# [Task objective]
Below are records; count how many of their lines contain the word "cabinet" and give the number alone.
[[ Data for processing, beginning ]]
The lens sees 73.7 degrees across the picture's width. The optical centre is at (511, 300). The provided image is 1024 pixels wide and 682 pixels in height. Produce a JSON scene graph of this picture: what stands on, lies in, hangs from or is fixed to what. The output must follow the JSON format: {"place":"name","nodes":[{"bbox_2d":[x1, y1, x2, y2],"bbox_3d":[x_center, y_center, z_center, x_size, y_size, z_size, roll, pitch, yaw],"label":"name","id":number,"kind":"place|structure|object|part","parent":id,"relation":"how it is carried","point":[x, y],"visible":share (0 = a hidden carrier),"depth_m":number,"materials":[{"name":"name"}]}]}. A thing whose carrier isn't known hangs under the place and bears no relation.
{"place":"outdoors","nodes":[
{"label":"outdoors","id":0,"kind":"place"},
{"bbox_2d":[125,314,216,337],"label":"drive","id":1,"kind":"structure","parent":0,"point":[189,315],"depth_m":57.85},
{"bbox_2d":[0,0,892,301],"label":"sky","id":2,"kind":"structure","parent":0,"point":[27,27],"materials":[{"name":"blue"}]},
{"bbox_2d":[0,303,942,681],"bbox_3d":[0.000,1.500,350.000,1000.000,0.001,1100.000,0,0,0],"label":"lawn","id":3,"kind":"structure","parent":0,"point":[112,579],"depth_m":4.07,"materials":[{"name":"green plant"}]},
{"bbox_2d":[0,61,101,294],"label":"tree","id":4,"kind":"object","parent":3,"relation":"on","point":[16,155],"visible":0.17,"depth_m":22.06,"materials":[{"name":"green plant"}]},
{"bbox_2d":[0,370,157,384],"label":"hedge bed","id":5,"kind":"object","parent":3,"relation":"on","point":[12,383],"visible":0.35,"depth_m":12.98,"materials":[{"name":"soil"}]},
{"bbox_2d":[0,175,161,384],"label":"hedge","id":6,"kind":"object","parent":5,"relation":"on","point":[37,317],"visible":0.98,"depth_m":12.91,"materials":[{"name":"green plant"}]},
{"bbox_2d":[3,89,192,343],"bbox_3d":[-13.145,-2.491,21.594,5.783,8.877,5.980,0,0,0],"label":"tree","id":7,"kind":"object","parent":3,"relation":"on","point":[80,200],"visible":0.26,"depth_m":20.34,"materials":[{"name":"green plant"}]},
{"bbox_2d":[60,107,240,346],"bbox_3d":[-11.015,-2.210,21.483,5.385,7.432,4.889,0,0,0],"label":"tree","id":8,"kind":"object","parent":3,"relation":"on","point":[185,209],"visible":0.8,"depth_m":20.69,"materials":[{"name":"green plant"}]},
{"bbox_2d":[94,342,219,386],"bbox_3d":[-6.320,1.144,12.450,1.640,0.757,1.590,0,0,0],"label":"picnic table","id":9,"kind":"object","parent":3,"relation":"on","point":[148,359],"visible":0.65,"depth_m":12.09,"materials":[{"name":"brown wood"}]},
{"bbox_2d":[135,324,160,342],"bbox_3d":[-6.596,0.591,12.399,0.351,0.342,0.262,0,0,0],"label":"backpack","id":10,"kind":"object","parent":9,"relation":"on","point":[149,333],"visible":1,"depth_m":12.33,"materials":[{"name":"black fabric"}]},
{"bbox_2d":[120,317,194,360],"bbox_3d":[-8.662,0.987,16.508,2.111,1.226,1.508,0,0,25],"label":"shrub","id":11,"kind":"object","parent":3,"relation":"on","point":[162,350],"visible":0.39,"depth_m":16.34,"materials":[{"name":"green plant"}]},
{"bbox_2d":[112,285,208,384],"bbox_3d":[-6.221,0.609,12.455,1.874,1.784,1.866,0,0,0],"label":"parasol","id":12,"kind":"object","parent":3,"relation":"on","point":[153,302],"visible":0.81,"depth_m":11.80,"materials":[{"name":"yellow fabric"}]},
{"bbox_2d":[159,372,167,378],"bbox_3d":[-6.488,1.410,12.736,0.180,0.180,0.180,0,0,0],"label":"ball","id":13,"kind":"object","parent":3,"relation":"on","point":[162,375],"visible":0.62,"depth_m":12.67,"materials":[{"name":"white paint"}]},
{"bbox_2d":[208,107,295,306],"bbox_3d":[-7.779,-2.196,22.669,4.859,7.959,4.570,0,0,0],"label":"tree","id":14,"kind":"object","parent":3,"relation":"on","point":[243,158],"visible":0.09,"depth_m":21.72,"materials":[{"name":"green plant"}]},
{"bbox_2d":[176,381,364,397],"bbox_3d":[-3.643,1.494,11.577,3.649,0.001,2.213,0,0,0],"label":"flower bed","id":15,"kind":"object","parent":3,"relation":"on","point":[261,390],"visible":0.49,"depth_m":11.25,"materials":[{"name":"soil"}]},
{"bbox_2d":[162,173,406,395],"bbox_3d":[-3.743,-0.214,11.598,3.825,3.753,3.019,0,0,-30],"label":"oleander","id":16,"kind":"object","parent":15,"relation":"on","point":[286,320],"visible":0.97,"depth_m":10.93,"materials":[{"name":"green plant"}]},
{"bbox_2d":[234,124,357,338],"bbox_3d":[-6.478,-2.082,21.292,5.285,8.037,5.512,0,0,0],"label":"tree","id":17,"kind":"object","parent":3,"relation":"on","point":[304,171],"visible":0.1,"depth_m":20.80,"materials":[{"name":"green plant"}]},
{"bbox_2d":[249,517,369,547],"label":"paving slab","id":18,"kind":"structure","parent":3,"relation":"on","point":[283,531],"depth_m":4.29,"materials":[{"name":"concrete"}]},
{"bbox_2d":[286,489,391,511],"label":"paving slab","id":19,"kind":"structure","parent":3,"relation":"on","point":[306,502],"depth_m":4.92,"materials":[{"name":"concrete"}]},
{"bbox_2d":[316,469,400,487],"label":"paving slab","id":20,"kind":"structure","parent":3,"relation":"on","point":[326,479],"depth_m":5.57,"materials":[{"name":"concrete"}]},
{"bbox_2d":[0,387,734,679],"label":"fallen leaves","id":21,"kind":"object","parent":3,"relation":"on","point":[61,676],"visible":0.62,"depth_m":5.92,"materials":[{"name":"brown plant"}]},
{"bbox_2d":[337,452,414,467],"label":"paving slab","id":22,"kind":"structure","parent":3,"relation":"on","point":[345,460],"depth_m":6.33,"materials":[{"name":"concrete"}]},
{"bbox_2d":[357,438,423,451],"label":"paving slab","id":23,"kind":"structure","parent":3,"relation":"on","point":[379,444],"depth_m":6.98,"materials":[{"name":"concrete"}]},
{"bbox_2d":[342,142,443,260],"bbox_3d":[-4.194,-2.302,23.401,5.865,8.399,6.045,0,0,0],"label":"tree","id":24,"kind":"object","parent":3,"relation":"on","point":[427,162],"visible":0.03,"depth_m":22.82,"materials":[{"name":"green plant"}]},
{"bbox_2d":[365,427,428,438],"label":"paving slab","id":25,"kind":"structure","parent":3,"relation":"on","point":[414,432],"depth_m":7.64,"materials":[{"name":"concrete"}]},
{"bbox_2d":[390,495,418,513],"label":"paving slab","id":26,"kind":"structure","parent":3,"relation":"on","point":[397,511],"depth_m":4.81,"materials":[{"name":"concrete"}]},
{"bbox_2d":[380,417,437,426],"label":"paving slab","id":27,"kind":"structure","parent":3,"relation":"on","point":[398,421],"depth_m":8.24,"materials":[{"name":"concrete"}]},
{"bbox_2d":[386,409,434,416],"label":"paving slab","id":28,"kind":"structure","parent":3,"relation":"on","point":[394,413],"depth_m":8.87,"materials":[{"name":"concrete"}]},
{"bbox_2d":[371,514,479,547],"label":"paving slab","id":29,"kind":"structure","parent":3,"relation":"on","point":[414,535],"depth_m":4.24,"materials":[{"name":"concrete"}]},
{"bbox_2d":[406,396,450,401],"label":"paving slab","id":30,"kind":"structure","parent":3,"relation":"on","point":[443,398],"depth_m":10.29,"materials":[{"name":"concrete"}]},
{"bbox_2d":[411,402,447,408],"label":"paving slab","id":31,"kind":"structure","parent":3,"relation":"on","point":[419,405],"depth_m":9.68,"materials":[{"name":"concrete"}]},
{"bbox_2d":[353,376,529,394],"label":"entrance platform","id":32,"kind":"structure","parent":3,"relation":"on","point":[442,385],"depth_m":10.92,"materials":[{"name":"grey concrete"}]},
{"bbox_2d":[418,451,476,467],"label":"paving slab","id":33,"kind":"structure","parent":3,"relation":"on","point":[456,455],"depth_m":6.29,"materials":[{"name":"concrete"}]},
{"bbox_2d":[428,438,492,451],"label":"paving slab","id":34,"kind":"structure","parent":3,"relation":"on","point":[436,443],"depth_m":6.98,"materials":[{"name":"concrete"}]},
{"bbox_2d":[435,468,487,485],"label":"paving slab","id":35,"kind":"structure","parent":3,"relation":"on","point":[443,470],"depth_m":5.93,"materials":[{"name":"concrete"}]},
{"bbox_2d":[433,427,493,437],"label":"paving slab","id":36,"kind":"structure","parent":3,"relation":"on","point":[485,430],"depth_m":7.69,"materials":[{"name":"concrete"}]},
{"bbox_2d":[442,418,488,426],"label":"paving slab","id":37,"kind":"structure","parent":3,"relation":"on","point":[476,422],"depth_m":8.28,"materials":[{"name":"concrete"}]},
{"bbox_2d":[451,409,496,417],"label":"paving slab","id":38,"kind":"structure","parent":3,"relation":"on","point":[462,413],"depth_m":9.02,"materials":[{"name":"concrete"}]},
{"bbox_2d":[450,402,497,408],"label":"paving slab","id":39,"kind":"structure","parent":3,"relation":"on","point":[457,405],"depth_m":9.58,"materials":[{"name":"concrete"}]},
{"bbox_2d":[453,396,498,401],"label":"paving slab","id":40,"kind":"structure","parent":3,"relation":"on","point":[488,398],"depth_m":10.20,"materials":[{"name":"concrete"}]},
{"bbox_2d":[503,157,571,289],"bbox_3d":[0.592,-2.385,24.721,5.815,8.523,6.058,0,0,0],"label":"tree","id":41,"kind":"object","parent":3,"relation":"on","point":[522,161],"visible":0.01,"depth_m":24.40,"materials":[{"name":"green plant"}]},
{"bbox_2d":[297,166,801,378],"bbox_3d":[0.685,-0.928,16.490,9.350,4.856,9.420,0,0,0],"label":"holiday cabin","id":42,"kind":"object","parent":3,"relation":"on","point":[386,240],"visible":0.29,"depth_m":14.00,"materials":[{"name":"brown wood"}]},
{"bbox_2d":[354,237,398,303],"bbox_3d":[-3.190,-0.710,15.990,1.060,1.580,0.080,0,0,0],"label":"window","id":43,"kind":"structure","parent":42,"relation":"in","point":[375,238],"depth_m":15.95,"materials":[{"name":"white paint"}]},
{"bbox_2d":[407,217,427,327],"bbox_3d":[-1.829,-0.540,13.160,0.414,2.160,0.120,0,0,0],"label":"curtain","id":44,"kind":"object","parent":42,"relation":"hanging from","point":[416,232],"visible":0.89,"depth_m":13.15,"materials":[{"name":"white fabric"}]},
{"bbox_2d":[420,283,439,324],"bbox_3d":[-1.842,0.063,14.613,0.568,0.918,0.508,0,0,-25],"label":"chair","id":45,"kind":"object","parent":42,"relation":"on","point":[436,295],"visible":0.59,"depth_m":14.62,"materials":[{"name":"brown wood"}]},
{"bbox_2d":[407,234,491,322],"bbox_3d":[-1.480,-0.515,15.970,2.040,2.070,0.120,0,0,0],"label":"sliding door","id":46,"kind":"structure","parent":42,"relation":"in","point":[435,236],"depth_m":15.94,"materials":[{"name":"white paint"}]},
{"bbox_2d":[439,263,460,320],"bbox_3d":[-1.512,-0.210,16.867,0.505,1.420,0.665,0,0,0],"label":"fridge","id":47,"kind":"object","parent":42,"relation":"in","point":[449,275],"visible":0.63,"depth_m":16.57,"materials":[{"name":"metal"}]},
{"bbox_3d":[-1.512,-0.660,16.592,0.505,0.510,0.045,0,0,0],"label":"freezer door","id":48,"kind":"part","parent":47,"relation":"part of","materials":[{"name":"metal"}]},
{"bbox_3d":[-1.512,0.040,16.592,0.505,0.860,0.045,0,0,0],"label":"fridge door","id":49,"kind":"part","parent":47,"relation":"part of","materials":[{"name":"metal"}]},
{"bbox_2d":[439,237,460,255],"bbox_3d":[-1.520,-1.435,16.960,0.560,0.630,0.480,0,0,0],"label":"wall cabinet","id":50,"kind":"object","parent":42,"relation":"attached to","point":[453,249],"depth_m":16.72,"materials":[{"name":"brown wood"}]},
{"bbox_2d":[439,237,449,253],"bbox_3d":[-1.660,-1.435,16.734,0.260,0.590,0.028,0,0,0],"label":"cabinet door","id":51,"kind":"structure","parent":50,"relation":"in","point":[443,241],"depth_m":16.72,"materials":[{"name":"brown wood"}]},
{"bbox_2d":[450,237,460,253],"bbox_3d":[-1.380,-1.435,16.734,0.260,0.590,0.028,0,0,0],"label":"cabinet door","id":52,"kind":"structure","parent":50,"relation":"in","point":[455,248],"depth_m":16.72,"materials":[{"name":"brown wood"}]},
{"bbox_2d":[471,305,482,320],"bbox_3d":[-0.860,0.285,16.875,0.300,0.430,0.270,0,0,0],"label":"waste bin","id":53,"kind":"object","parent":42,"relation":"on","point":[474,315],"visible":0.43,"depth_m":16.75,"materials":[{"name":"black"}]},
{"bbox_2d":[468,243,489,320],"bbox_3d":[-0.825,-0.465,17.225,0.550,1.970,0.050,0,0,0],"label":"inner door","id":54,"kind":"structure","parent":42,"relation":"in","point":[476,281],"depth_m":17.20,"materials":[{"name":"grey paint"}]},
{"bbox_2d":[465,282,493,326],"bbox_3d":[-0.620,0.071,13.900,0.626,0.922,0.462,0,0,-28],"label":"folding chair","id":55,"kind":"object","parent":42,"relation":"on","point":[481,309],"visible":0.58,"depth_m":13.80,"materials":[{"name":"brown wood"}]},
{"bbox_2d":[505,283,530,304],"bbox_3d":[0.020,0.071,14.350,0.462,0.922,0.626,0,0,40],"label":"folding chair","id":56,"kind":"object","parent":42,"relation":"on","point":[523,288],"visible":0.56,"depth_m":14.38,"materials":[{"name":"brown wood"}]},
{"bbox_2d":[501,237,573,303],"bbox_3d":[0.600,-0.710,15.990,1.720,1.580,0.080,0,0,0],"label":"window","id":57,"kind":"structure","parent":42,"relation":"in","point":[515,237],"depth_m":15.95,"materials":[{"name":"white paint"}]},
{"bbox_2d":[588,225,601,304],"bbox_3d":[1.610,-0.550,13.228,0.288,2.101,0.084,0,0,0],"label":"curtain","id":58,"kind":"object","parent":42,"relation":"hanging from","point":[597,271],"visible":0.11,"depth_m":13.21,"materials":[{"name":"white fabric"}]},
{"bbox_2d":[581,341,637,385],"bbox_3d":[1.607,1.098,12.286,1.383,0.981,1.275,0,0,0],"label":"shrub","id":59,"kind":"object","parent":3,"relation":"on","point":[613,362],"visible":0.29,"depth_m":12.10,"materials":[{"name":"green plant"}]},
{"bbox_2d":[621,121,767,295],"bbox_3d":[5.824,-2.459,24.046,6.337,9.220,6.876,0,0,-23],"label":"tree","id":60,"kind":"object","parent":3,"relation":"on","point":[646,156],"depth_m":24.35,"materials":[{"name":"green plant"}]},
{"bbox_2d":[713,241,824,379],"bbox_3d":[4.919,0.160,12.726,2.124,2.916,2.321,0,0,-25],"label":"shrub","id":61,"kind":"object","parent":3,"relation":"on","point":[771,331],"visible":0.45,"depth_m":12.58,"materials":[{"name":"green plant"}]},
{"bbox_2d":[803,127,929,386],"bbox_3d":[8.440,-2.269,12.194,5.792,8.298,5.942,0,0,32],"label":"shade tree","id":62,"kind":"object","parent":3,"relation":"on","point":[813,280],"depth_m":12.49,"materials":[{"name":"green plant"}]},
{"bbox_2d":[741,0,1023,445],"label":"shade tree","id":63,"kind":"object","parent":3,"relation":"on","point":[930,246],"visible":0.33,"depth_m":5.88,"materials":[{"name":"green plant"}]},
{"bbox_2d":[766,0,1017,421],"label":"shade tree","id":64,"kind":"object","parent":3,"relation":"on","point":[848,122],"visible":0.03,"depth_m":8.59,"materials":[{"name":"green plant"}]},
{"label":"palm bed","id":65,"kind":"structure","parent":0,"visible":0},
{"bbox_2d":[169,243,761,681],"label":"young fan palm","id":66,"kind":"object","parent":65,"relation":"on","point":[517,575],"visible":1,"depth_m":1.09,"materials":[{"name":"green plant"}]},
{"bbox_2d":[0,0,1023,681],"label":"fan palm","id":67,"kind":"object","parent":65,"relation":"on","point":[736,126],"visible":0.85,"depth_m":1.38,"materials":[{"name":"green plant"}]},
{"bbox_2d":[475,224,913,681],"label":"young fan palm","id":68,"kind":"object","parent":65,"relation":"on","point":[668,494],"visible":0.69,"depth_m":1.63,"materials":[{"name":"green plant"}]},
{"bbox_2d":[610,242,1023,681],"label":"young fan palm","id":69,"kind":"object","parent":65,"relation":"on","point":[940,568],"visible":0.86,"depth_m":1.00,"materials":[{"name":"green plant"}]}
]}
[[ Data for processing, end ]]
# [Exercise solution]
3